Acquisition d'un Voilier d'Occasion en Polyester : Entre Passion et Exigence Technique

Acheter un voilier d’occasion est une question de passion et de raison. Le chemin vers des navigations inoubliables est fait de rêves, de découvertes, de visites mais aussi de réflexions. Entre le rêve de liberté et la réalité technique, il est facile de se laisser emporter par l’émotion. Pourtant, une acquisition réussie repose sur une préparation rigoureuse et des choix éclairés. Si vous vous demandez s'il est en bon état, ce guide vous offre tous nos conseils pour bien préparer l’acquisition d’un bateau à moteur ou voilier d’occasion. Devant l’offre importante de voiliers à vendre, il peut sembler simple d’en acquérir un, mais il n’en est rien. Pour éviter les pièges de l’achat rapide, voire du coup de cœur, un certain nombre de points sont à prendre en considération.

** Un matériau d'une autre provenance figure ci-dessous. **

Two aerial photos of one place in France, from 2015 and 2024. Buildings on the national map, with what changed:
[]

Définir Votre Projet Nautique : Le Pilier de Votre Choix

Avant de craquer pour une ligne de carène, une couleur de coque ou un nom qui sonne bien à nos oreilles, il y a un préalable à définir : qu’est-ce que je compte faire avec mon bateau ? Votre choix dépendra avant tout de l’usage que vous comptez en faire. Un bateau pour quel usage ? Selon que vous pratiquez la régate, la croisière côtière, hauturière, les sorties à la journée, le choix sera différent.

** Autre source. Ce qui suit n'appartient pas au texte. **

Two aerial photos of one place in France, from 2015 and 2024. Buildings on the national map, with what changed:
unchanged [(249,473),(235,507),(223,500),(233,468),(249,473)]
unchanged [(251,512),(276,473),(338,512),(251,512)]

L'Usage et la Fréquence de Navigation

C’est d’abord une question de fréquence d’utilisation. Une navigation côtière, une croisière hauturière, une régate, ou des balades en famille orienteront inévitablement votre décision. Un dayboat de 7 mètres suffira pour des sorties à la journée, tandis qu’un croiseur de 11 mètres sera plus adapté pour des escapades de plusieurs jours. Si l’on habite assez près de la mer pour s’autoriser à pouvoir faire des ronds dans l’eau les soirs de semaine, déjeuner le dimanche au mouillage dans les îles ou s’entraîner tous les week-ends pour les régates de printemps, l’achat d’un bateau d’occasion se justifie pleinement. Il faudra alors bien cibler son choix pour trouver le bateau qui correspond le mieux à ses attentes et qui est capable d’y répondre sans trop tarder. Si l’objectif est de partir en voyage pour un, deux ou trois ans, il faudra non seulement considérer les questions de taille, de confort, d’équipement et d’autonomie nécessaires, mais aussi la capacité de revente du bateau, car dans la plupart des cas, on le remettra sur le marché une fois le voyage terminé.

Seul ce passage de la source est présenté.